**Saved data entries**
----------------------------------------

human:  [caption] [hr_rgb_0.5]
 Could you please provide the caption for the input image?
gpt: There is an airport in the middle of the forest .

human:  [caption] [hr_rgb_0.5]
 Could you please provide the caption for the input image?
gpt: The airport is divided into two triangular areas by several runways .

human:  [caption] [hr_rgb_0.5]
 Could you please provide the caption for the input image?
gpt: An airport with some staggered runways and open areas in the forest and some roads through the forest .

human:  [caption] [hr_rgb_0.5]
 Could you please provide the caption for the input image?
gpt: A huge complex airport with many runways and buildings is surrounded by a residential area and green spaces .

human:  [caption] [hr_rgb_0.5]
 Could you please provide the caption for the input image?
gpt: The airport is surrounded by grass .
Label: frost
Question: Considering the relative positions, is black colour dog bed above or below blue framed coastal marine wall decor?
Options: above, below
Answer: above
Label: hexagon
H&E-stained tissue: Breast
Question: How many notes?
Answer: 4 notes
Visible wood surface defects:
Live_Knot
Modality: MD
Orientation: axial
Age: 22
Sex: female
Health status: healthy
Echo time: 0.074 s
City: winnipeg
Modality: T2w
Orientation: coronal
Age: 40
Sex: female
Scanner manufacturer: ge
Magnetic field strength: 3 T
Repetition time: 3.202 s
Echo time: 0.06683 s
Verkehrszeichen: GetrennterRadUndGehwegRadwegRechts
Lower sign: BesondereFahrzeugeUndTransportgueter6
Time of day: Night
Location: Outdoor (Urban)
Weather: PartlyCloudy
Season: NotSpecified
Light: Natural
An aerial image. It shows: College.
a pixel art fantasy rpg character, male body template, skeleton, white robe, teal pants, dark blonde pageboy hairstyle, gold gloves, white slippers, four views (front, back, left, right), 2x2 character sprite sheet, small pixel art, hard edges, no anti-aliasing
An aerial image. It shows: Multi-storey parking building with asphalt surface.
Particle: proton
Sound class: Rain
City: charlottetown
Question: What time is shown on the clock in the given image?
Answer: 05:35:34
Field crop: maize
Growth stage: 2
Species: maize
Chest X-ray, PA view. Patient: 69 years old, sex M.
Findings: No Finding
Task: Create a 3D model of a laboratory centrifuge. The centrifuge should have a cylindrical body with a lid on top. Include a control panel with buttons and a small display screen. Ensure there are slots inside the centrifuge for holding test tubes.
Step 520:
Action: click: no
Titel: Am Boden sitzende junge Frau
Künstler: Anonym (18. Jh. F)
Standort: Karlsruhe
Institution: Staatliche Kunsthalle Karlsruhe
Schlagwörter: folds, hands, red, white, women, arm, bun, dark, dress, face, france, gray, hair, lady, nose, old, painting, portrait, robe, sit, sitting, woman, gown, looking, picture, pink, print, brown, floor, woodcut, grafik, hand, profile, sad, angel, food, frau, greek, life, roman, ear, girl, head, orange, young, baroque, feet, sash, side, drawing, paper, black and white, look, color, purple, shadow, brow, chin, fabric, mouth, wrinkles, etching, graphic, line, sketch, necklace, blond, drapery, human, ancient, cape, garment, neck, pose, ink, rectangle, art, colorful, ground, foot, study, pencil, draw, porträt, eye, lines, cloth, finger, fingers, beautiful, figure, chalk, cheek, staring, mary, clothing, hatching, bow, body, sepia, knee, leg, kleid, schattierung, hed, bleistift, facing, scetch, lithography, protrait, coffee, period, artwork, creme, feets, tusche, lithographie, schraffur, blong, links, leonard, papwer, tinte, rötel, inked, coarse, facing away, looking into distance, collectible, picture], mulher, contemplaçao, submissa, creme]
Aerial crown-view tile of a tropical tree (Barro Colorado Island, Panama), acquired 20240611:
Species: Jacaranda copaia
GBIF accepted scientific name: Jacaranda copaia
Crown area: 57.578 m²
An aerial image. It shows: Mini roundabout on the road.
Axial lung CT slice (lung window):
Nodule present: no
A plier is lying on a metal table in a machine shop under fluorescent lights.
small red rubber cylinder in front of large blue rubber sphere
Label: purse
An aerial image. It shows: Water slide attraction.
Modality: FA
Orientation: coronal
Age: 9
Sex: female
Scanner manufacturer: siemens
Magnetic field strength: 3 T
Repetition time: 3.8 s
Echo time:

----------------------------------------

**DIRECTIONS FOR THIS TASK**
Would you retype the lines above from the one with "gpt: A huge" down to the one with "City: charlottetown", word for word, both ends included and no other lines?

**TASK ANSWER**
gpt: A huge complex airport with many runways and buildings is surrounded by a residential area and green spaces .

human:  [caption] [hr_rgb_0.5]
 Could you please provide the caption for the input image?
gpt: The airport is surrounded by grass .
Label: frost
Question: Considering the relative positions, is black colour dog bed above or below blue framed coastal marine wall decor?
Options: above, below
Answer: above
Label: hexagon
H&E-stained tissue: Breast
Question: How many notes?
Answer: 4 notes
Visible wood surface defects:
Live_Knot
Modality: MD
Orientation: axial
Age: 22
Sex: female
Health status: healthy
Echo time: 0.074 s
City: winnipeg
Modality: T2w
Orientation: coronal
Age: 40
Sex: female
Scanner manufacturer: ge
Magnetic field strength: 3 T
Repetition time: 3.202 s
Echo time: 0.06683 s
Verkehrszeichen: GetrennterRadUndGehwegRadwegRechts
Lower sign: BesondereFahrzeugeUndTransportgueter6
Time of day: Night
Location: Outdoor (Urban)
Weather: PartlyCloudy
Season: NotSpecified
Light: Natural
An aerial image. It shows: College.
a pixel art fantasy rpg character, male body template, skeleton, white robe, teal pants, dark blonde pageboy hairstyle, gold gloves, white slippers, four views (front, back, left, right), 2x2 character sprite sheet, small pixel art, hard edges, no anti-aliasing
An aerial image. It shows: Multi-storey parking building with asphalt surface.
Particle: proton
Sound class: Rain
City: charlottetown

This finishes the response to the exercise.